Из школы вышла группа людей. Их было человек десять. Гуров рассмотрел нескольких выпускников. Люди расселись по трем машинам, которые тут же покинули двор.
– Почему они так рано уехали? – спросил Лев Иванович.
– А чего им тут делать? – ответил Шлицман. – Получили аттестат, отметились, и все.
– Понятно.
«Грусть-тоска, – подумал Гуров. – Что же за проблемы у этого человека, если он даже во время праздника не может расслабиться?»
– Вы сказали, что работаете в полиции, – вспомнил Шлицман. – Ничего не путаю?
– Все верно, – подтвердил Лев Иванович.
– И что же на выпускном вечере понадобилось полицейскому?
– Моя профессия здесь ни при чем. Я муж бывшей выпускницы этой школы, я вам говорил уже, – напомнил Гуров. – Не знаю, вспомнили ли вы ее. Она еще на сцену выходила.
– А, точно. Актриса. Мне понравился ход ее мыслей. Никакой классики сегодня – и точка.
– А вы сами-то планируете что-нибудь сказать выпускникам на прощание?
Историк оглянулся на дверь и достал бутылку. Коньяка в ней оставалось совсем чуть-чуть. Отхлебнув, он протянул ее Гурову, но тот отрицательно покачал головой.
– Как знаете, – бутылка исчезла в кармане учителя. – Что бы я сказал им в качестве напутственного слова? Я бы посоветовал не лгать. Ни себе, ни кому-либо. Жить после этого непросто. Это только кажется, что все будет по-старому. Нет, не будет.
– Хорошее напутствие, – поддержал Гуров.
– Да не пойду я ни на какую сцену, – сморщился Шлицман. – И без меня есть кому толкнуть речь.
Гуров понял, что дело не только в этом. Он вспомнил, как изменилось поведение заместителя директора при виде историка, и она быстро увела посторонних, словно они увидели что-то неудобное. Место за столом Шлицман занял не среди педагогов, и Гуров не помнил, чтобы кто-то его позвал сесть рядом. Учитель казался изгоем среди своих, даже ни одного ученика рядом с ним не оказалось.

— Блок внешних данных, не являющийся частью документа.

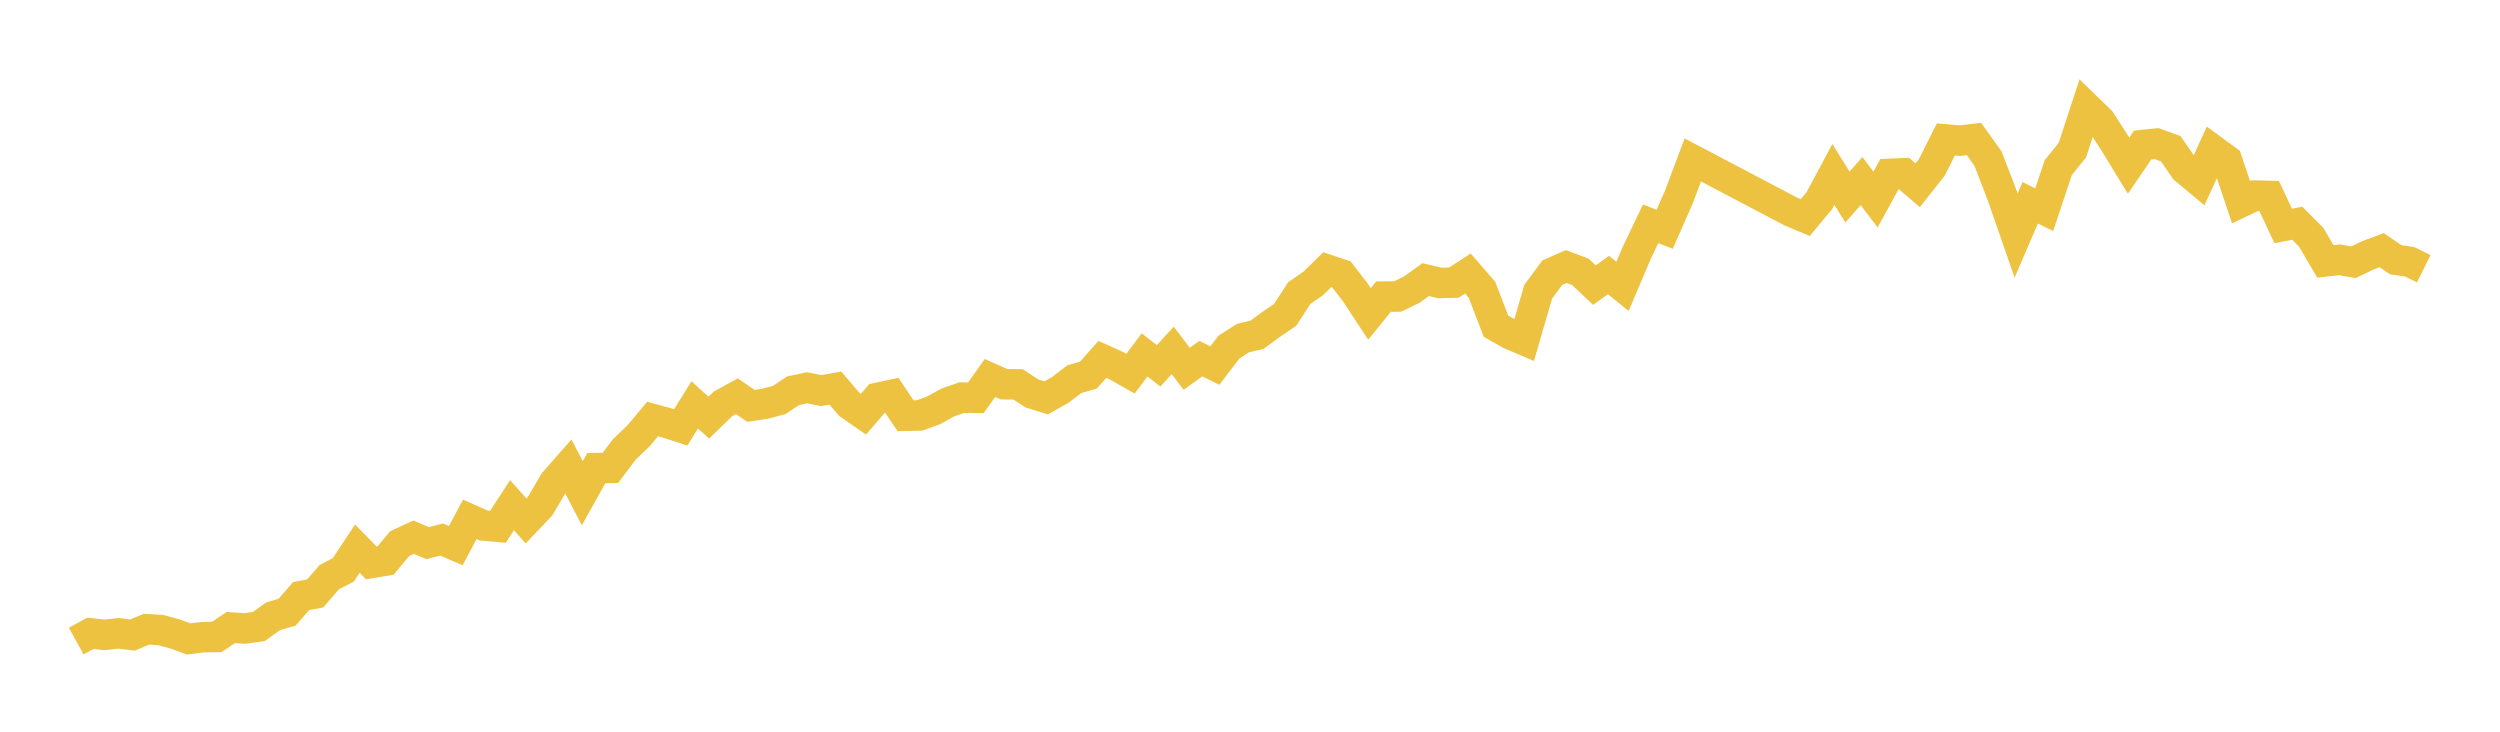 <svg width="164" height="48" xmlns="http://www.w3.org/2000/svg" xmlns:xlink="http://www.w3.org/1999/xlink"><path fill="none" stroke="rgb(237,194,64)" stroke-width="2" d="M5,42.056L5.922,41.547L6.844,41.647L7.766,41.547L8.689,41.659L9.611,41.275L10.533,41.33L11.455,41.579L12.377,41.913L13.299,41.799L14.222,41.786L15.144,41.165L16.066,41.23L16.988,41.097L17.91,40.428L18.832,40.162L19.754,39.101L20.677,38.93L21.599,37.862L22.521,37.382L23.443,35.992L24.365,36.932L25.287,36.778L26.21,35.668L27.132,35.239L28.054,35.627L28.976,35.395L29.898,35.798L30.82,34.065L31.743,34.478L32.665,34.558L33.587,33.14L34.509,34.172L35.431,33.203L36.353,31.635L37.275,30.585L38.198,32.355L39.12,30.708L40.042,30.693L40.964,29.469L41.886,28.594L42.808,27.488L43.731,27.737L44.653,28.037L45.575,26.559L46.497,27.399L47.419,26.499L48.341,25.993L49.263,26.627L50.186,26.486L51.108,26.241L52.03,25.633L52.952,25.438L53.874,25.622L54.796,25.457L55.719,26.532L56.641,27.173L57.563,26.101L58.485,25.904L59.407,27.274L60.329,27.253L61.251,26.915L62.174,26.402L63.096,26.083L64.018,26.096L64.94,24.796L65.862,25.206L66.784,25.215L67.707,25.814L68.629,26.101L69.551,25.579L70.473,24.875L71.395,24.612L72.317,23.577L73.24,23.99L74.162,24.513L75.084,23.282L76.006,24L76.928,22.987L77.85,24.193L78.772,23.525L79.695,23.981L80.617,22.77L81.539,22.179L82.461,21.961L83.383,21.282L84.305,20.657L85.228,19.23L86.15,18.592L87.072,17.689L87.994,17.996L88.916,19.191L89.838,20.595L90.76,19.457L91.683,19.451L92.605,19.005L93.527,18.342L94.449,18.562L95.371,18.54L96.293,17.941L97.216,19.009L98.138,21.401L99.06,21.924L99.982,22.318L100.904,19.141L101.826,17.889L102.749,17.483L103.671,17.832L104.593,18.705L105.515,18.041L106.437,18.789L107.359,16.615L108.281,14.682L109.204,15.04L110.126,12.942L111.048,10.493L117.503,13.887L118.425,14.274L119.347,13.165L120.269,11.442L121.192,12.926L122.114,11.88L123.036,13.09L123.958,11.407L124.88,11.366L125.802,12.154L126.725,10.985L127.647,9.148L128.569,9.227L129.491,9.118L130.413,10.404L131.335,12.796L132.257,15.452L133.18,13.305L134.102,13.754L135.024,10.991L135.946,9.852L136.868,7.037L137.79,7.933L138.713,9.362L139.635,10.869L140.557,9.516L141.479,9.421L142.401,9.758L143.323,11.092L144.246,11.861L145.168,9.836L146.09,10.511L147.012,13.264L147.934,12.827L148.856,12.854L149.778,14.823L150.701,14.644L151.623,15.577L152.545,17.148L153.467,17.044L154.389,17.203L155.311,16.759L156.234,16.409L157.156,17.036L158.078,17.174L159,17.629"></path></svg>

Шлицман бросил окурок в высокую консервную банку из-под оливок, наполненную водой. Окурок мягко прошипел на прощание и погас.
– Я отдал школе всю свою никчемную жизнь, – устало произнес Шлицман. – Возился с детьми, пытался разбудить в них интерес не только к прошлому, но и к настоящему. Возил на экскурсии, ночевал с ними возле костра, путешествовал по зимнему лесу. Мы исследовали озера, бродили со старинными картами по городам, варили кашу в котелке. Мне было с ними интересно, я старался сделать так, чтобы и они почувствовали то же самое. Банальная история: своих детей нет, поэтому носишься с чужими. Я потерял жену в прошлом году, как раз на исходе лета. Только-только вернулся из поездки с учениками. Она так хотела, чтобы я отдохнул. Обещала дождаться и сдержала слово.